Il suo corpo esausto ed arreso fu scosso da quel richiamo. L’immagine dell’uomo che amava la avvolse come un balsamo fresco sulle sue ferite bollenti e la donna Auror si rese conto che non poteva lasciarsi andare a quell’irresistibile oblio.

Il dolore era incredibile, il calore le bruciava come acido nelle vene, ma Audrey lottò. Accolse la sofferenza coraggiosamente dentro di sé. Affrontò il fuoco da cui solo secondi prima voleva sfuggire finché un flebile respiro le sconquassò i polmoni e le ferì le labbra.

** * **

Percy si accasciò in ginocchio, sfiatato, tenendosi al lavandino perché le gambe erano, ormai, incapaci di sostenerlo, un pensiero fisso, doveva correre al San Mungo.

** * **

I Medimaghi si guardarono tra loro, increduli.

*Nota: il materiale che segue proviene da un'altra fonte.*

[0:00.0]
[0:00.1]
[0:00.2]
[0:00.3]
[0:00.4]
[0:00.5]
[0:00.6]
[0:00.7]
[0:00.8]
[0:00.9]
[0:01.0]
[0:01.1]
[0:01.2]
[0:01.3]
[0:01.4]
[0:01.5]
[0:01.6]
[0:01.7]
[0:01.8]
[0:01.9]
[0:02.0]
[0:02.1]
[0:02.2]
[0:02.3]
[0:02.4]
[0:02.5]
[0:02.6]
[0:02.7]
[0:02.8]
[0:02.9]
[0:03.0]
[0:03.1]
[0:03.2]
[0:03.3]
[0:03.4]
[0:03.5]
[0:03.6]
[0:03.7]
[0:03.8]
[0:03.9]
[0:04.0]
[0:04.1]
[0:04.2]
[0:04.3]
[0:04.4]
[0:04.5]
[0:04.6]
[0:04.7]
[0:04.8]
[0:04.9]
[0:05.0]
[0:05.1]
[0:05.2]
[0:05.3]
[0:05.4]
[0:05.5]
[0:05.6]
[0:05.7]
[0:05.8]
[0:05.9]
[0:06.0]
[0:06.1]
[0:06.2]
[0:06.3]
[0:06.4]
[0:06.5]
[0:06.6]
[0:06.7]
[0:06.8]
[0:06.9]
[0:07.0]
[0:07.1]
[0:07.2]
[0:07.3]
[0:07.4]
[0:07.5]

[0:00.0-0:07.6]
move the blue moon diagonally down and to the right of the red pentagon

La temperatura della paziente era ancora altissima, ma, dopo quella spaventosa crisi quando gli incantesimi erano stati sollevati, contro ogni logica, contro ogni scienza medica e magica, la paziente aveva aperto gli occhi.

Non parlava.

Il suo respiro era ancora terribilmente sottile ed affannoso, ma aveva gli occhi aperti e vigili.

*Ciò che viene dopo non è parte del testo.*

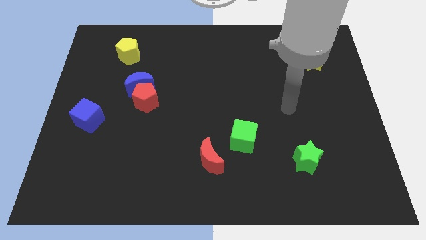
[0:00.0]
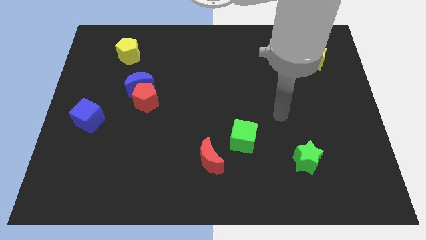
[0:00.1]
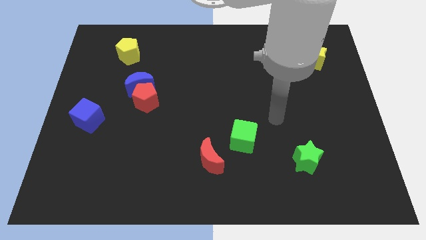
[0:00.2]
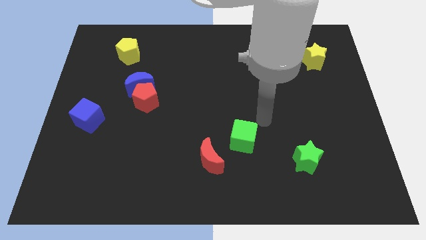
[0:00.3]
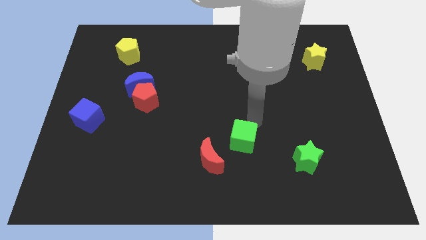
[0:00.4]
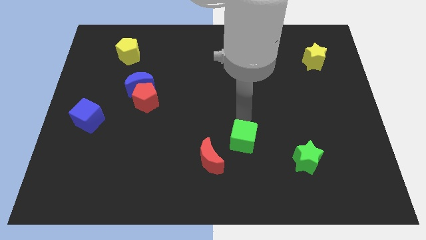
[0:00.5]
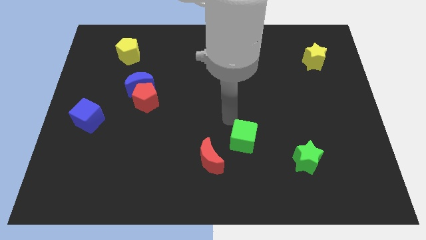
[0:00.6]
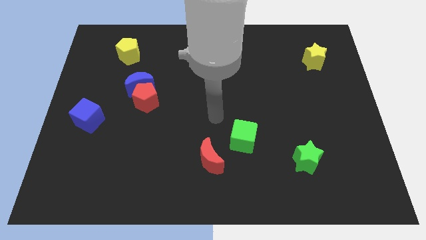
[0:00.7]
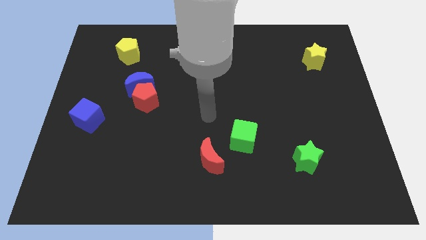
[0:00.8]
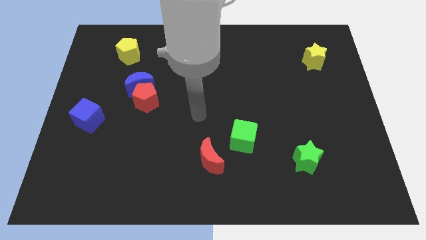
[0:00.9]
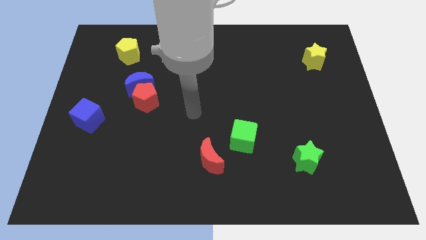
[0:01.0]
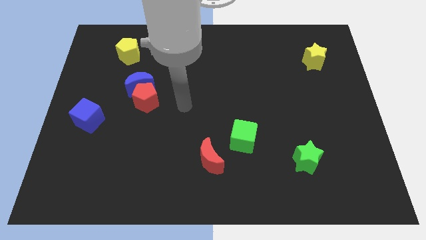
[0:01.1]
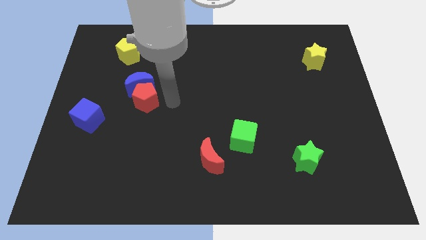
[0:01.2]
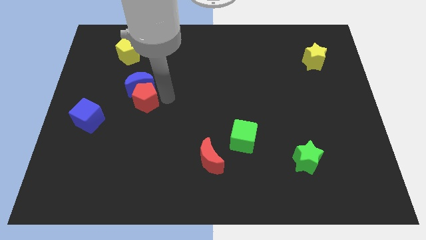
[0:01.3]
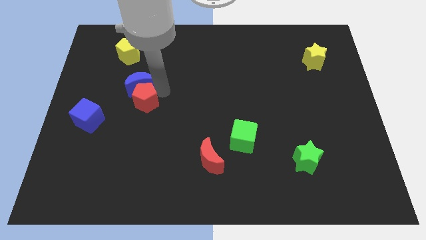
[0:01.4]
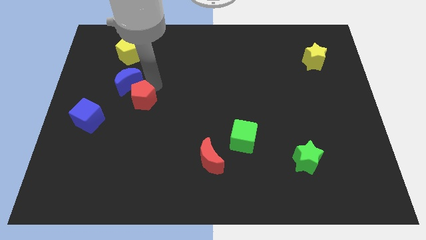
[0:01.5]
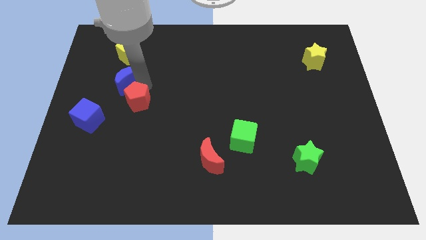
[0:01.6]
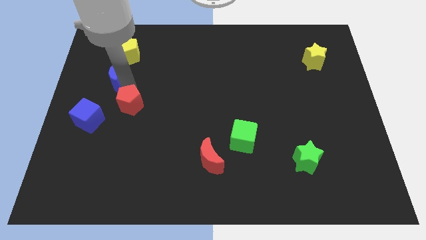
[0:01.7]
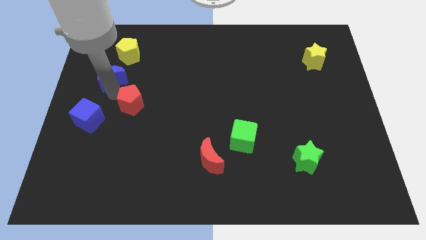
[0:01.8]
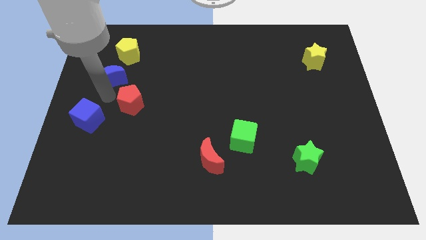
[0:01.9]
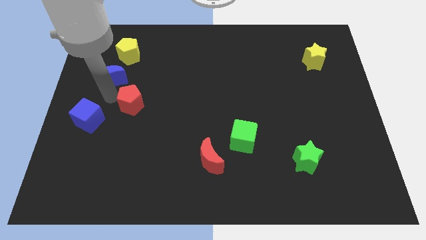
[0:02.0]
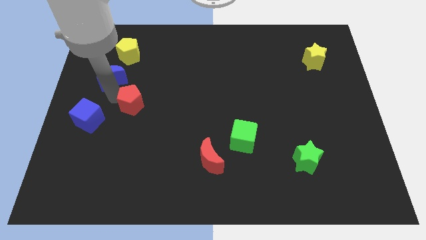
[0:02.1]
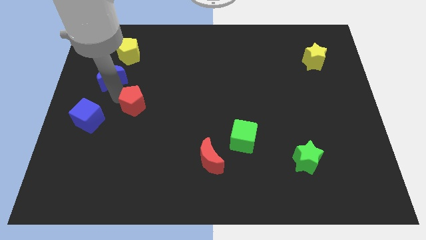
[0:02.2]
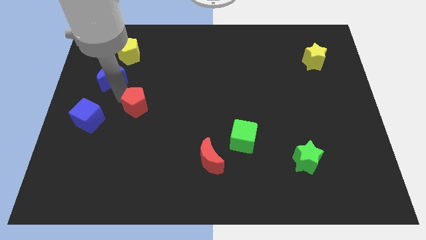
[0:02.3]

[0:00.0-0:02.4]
move the red pentagon away from the blue moon

Uno dei Medimaghi accompagnò fuori i genitori di Audrey, cercando di spiegare loro perché sebbene la ragazza avrebbe dovuto essere morta in quel momento, era, invece, sveglia.

** * **

L’infermiera lo guardò stupita, ma di fronte al volto quasi spiritato di Percy non ebbe la forza o la volontà di opporsi e lo condusse nella stanza di Audrey.

Vi entrò con passo esitante, quasi incapace di riconciliare la realtà con le sensazioni terribili provate quella mattina.

Audrey non disse nulla, né si mosse, ma i suoi bei occhi vigili e pieni di vita si fissarono sul viso di Percy. Il cuore dell’uomo saltò un battito.

La speranza lo avvolse di nuovo per la prima volta in molti mesi. Improvvisamente il mago si sentiva rinato ed invincibile. Sarebbe stato un lungo cammino, ma l’avrebbe potuto compiere al fianco della donna che amava.

Più tardi avrebbe parlato con i Medimaghi, avrebbe cercato il come ed il perché, visto i genitori di Audrey. Per ora, però, non si sarebbe mosso di un passo da quella stanza dove aveva versato così tante lacrime amare ed, oggi, per la prima volta, sentiva lacrime di gioia e speranza, formarsi agli angoli dei suoi occhi.